Die Vorbereitungen für diesen Event verliefen bereits perfekt. Eine verletzungsfreie Trainingszeit setzte den Grundstein für ein überwältigendes Rennen. Bereits während der Saison konnte Sebastian Hahn des Öfteren Erfolge verzeichnen. Bei den Bayerischen Meisterschaften in Ingolstadt (Mitteldistanz) und in Erding (Olympische Distanz)konnte er mit seiner Leistung überzeugen und erreichte den Dritten bzw. den Zweiten Platz in der Altersklasse.
Der Ironman-Moderator beschreibt einen solchen Tag immer mit den Worten: „Der längste Tag des Jahres“ und ja, das ist er. Der Tag startet früh, sehr früh. Bereits um 3:40 Uhr klingelte der Wecker. Die Hotels sind bestens auf den Event eingestellt und servieren ab 4:00 Uhr Frühstück. Mit dem Shuttlebus ging es zum 15km außerhalb von Frankfurt liegenden Langener Waldsee. Hier herrscht bereits beim Sonnenaufgang eine ganz eigene Stimmung, egal ob Athlet, Helfer oder Zuschauer. Jeder ist angespannt und fiebert dem Tag entgegen. Die Stunde vor dem Start ist durchgetaktet. Ein letzter Radcheck in der Wechselzone, Neoprenanzug anziehen, ein kurzes Einschwimmen, Freunde und Familie verabschieden. Dann das erste Highlight des Tages, der Startschuss. 57 männliche und 24 weibliche Profis werden auf die 3800 Meter lange Schwimmstrecke gelassen. Knapp 10 Minuten später fiel der Startschuss für die rund 2500 Altersklassen-Athleten, darunter auch Sebastian Hahn.

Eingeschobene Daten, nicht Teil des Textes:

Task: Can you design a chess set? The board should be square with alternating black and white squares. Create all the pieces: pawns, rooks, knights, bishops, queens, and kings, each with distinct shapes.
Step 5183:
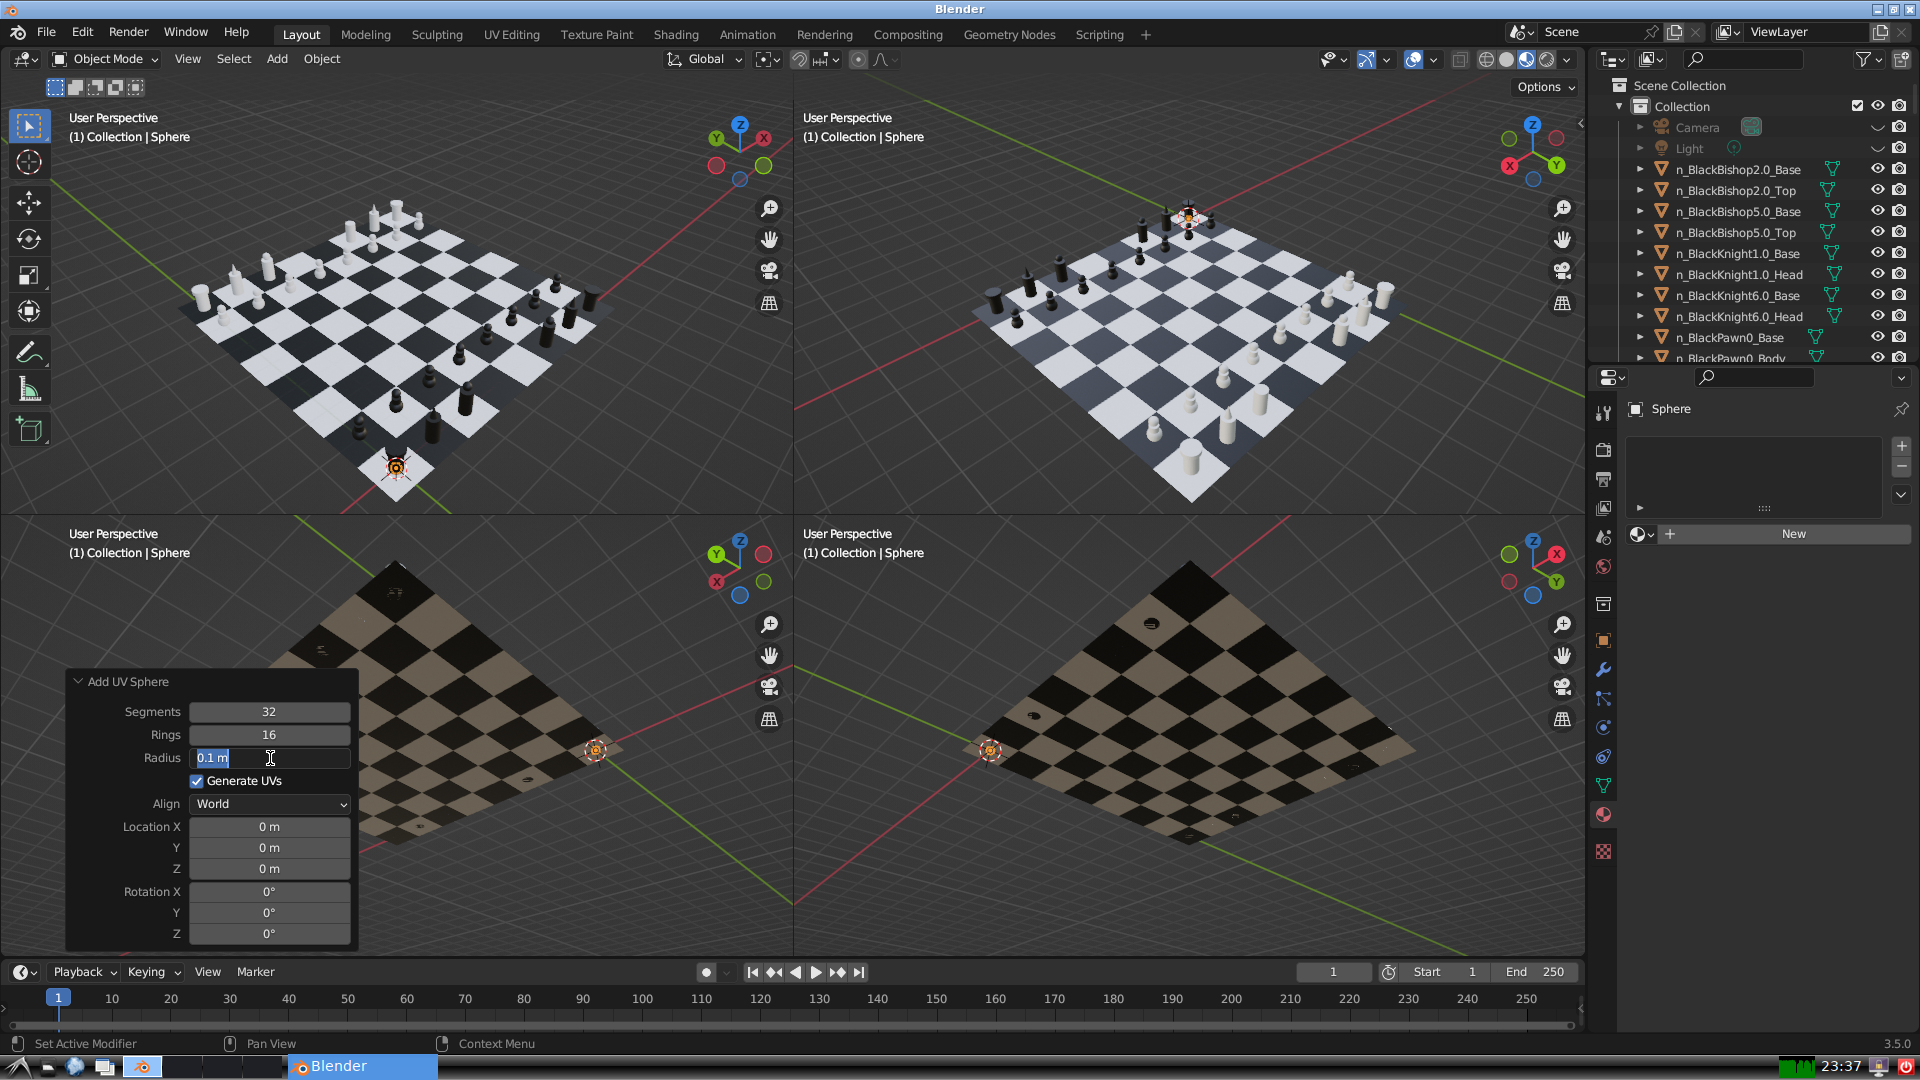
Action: input_text: 0.1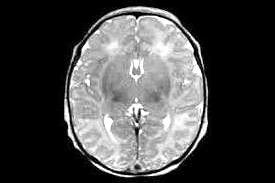
Label: notumor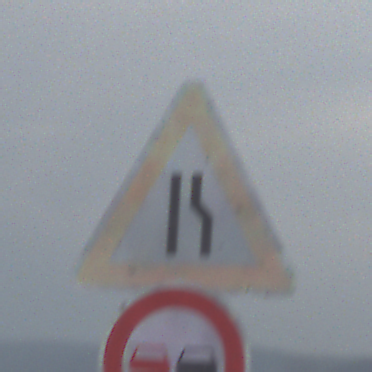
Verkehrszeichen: EinseitigVerengteFahrbahnRechts
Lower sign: Ueberholverbot
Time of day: Midday
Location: Outdoor (Nature)
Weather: PartlyCloudy
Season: NotSpecified
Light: Natural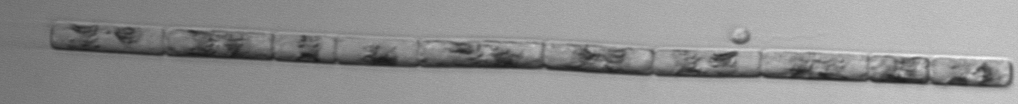
Label: Guinardia_delicatula
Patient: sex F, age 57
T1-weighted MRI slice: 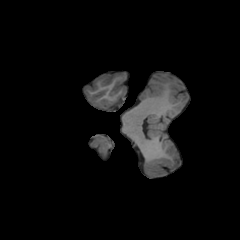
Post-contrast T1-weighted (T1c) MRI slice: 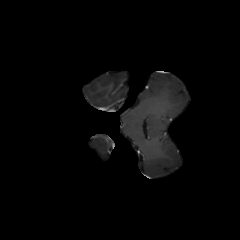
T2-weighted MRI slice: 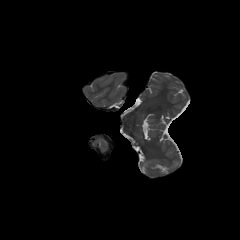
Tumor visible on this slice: no
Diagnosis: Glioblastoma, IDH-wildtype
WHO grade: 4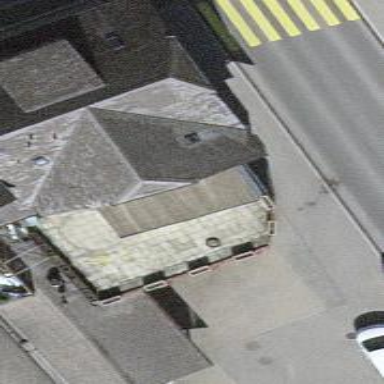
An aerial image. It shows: Building with flat roof. The roof is light gray in color.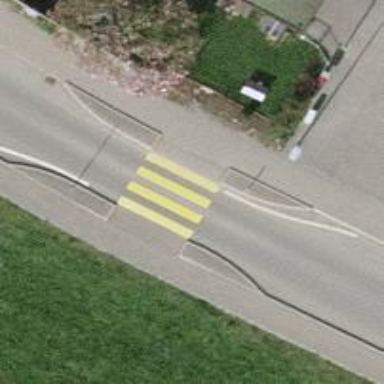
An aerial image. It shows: Marked road crossing with visible markings.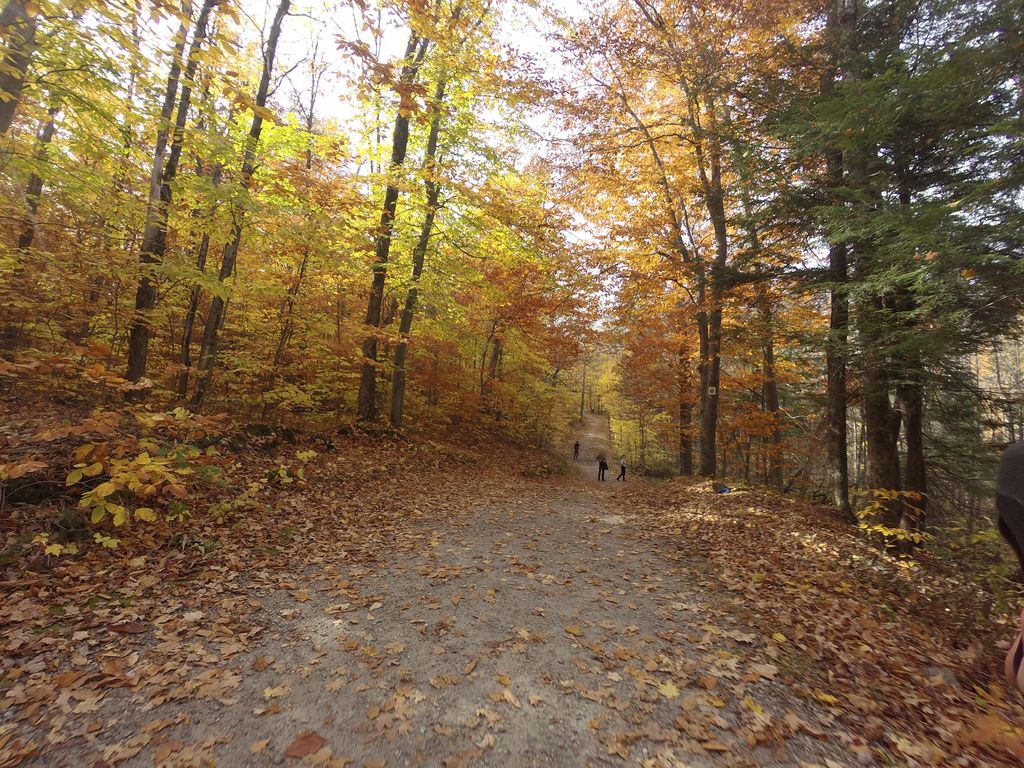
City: ottawa-gatineau

Das Schwimmen verlief für den Post SV Athleten so gut wie perfekt und bereits nach 55:09 Minuten konnte er das Wasser verlassen. Somit war das erste Ziel, nach einer Stunde auf dem Rad zu sitzen, erreicht und ein großer Schritt in Richtung  „Sub9 Finish“ getan.

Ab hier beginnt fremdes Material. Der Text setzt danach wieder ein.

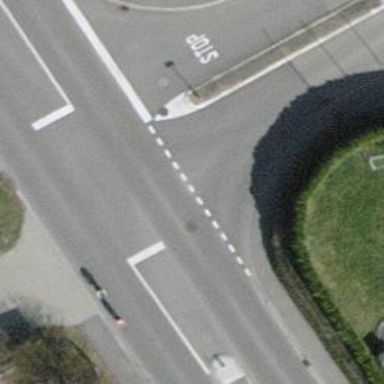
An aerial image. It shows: Stop road.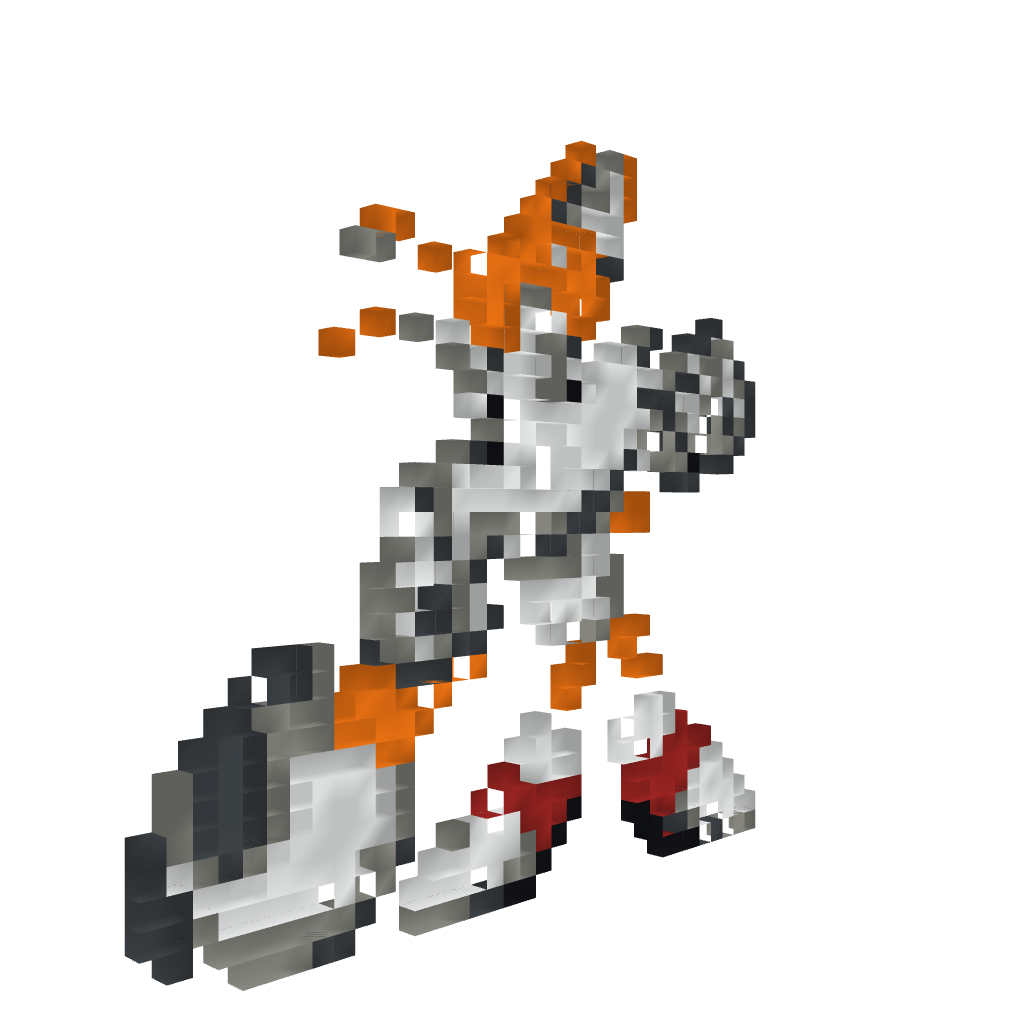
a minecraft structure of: Tails from Sonic 2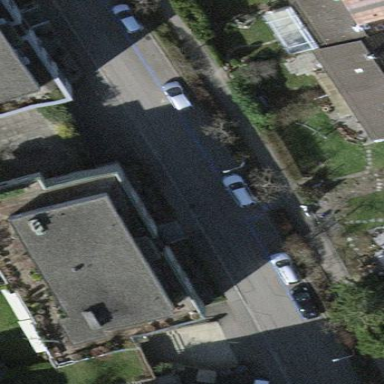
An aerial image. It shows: Parking lane for vehicles.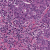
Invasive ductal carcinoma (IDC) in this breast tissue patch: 1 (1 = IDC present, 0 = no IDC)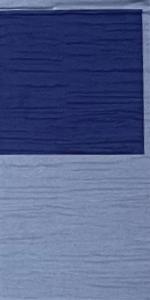
Label: Empty

Nun galt es die 180km lange Radstrecke mit rund 1100 Höhenmeter hinter sich zu lassen. Stichworte zur zweiten Disziplin sind hier in Frankfurt die Stimmungsnester wie „The Beast“, „The Hell“ und natürlich der „Heartbreak Hill“. Die Strecke war gespickt mit steilen Rampen, langen Ebenen mit Windböen und Kopfsteinpflasterpassagen, die sogar eine eigene Zwischenwertung hatten. Sebastian Hahn konnte seine grandiose Form auf dem Rad voll ausspielen. Bereits nach 4:37 Stunden schob er das Rad in die zweite Wechselzone. Somit war er ca. 10 Min schneller als gedacht.

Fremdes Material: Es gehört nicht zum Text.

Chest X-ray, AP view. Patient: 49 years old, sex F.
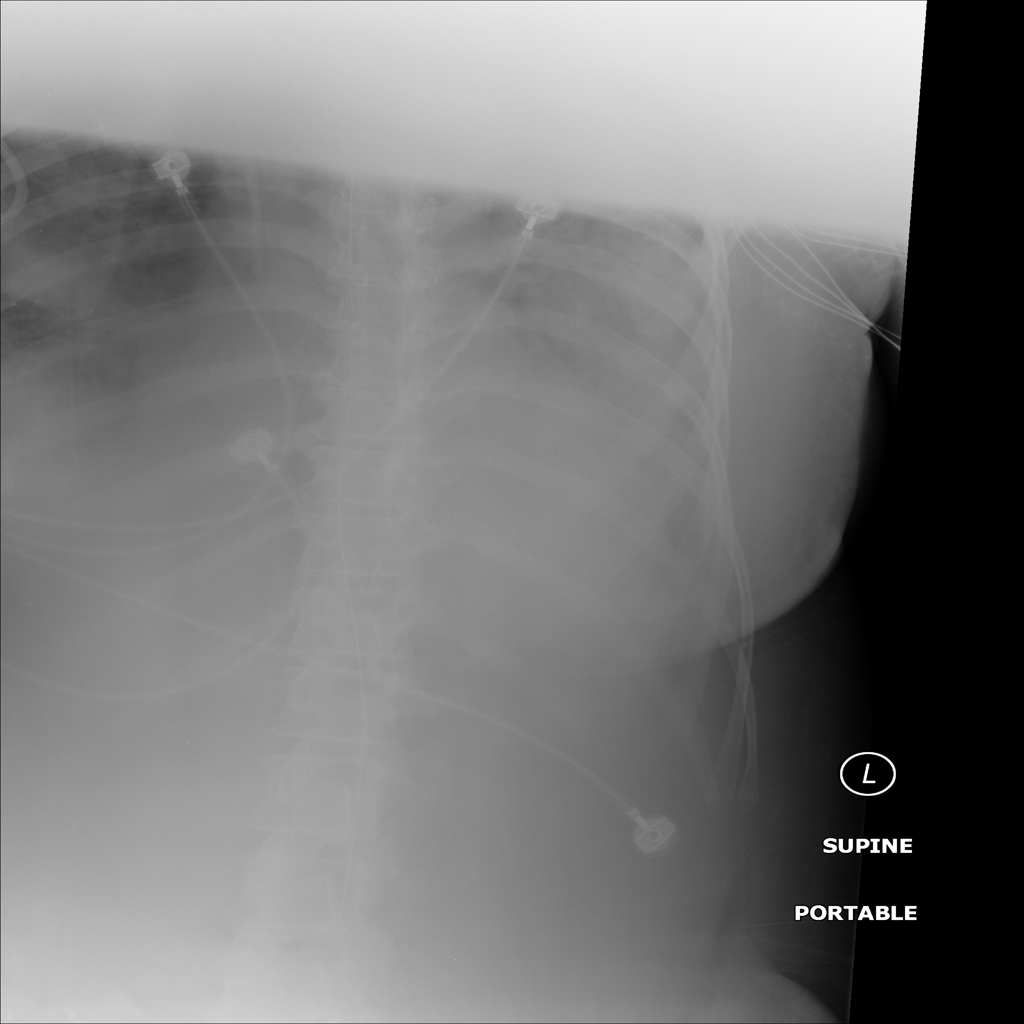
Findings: Infiltration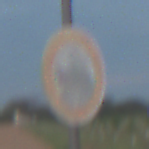
Verkehrszeichen: VerbotFahrzeugeAllerArt
Umgebung: Outdoor, Nature
Tageszeit: SunriseSunset
Wetter: PartlyCloudy
Licht: Natural
Jahreszeit: NotSpecified
Kontrast: LowContrast
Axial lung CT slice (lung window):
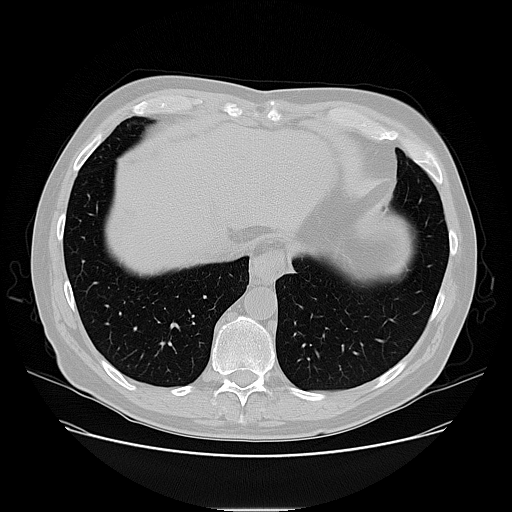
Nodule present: no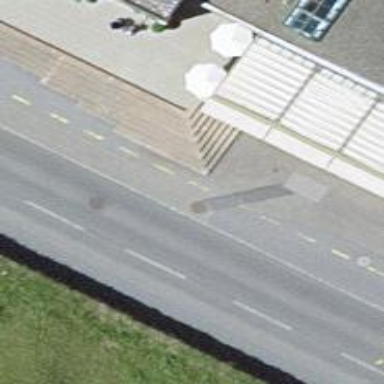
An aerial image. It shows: Road with steps.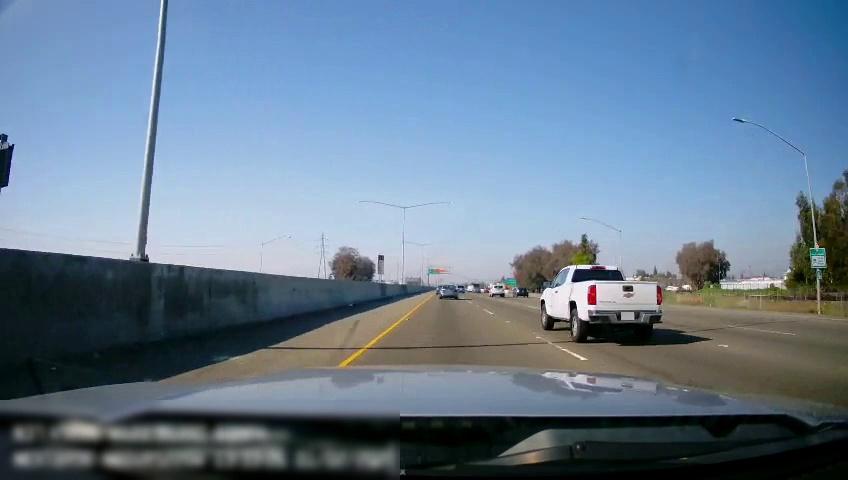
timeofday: Day
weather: Sunny
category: Drivable Space
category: Vehicles | Truck
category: Vehicles | Car
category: Vehicles | SUV
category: Vehicles | Car
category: Lanes | Alternate Lane
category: Lanes | Current Lane
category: Lanes | Current Lane
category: Lanes | Alternate Lane

Nun kam der gefürchtetste Teil in einem Ironman, der Marathon  hinten raus. Nachdem man bereits etliche Stunden auf der Strecke unterwegs war, soll man nun noch 42,2 km Laufen. Hier ist es besonders wichtig, dass der Kopf mitspielt. Sebastian hatte das Glück, dass seine Eltern und einige seiner Freunde extra für diesen Tag nach Frankfurt gereist waren, um ihn ans Ziel seiner Träume zu bringen. Die Fangruppe verteilte sich unter den tausenden Zuschauern entlang der Laufstrecke, die sich aus 4 Runden entlang des Mains zusammensetzte. Bereits nach den ersten Laufkilometern merkte Sebastian, dass er dem hohen Tempo am Rad Tribut zollen musste. Die Geschwindigkeit musste angepasst werden, da auch das Wetter mit 30 Grad und Sonne nicht optimal waren. Während dem Laufen rechnete er im Kopf immer wieder durch, ob das große Ziel noch erreichbar sein würde. Der Marathon gestaltete sich immer mehr zum Krimi gegen Krämpfe in den Beinen und gegen die Zeit. Freunde und Familie gaben ihr bestes, um ihren Helden an diesem Tag anzufeuern. Die Gruppe rechnete mit Hilfe des Online Livetickers aufgeregt ständig mit. Bei Kilometer 35 würde man sich das letzte Mal sehen. Da war es den Freunden klar und einer rief: „Sebastian, du hast es selber in der Hand! Du kannst es schaffen!“ Bei Sebastian machte es Klick. Solange er nur noch diese letzten 7 Kilometer durchlaufen würde, wäre das Ziel zum greifen nah.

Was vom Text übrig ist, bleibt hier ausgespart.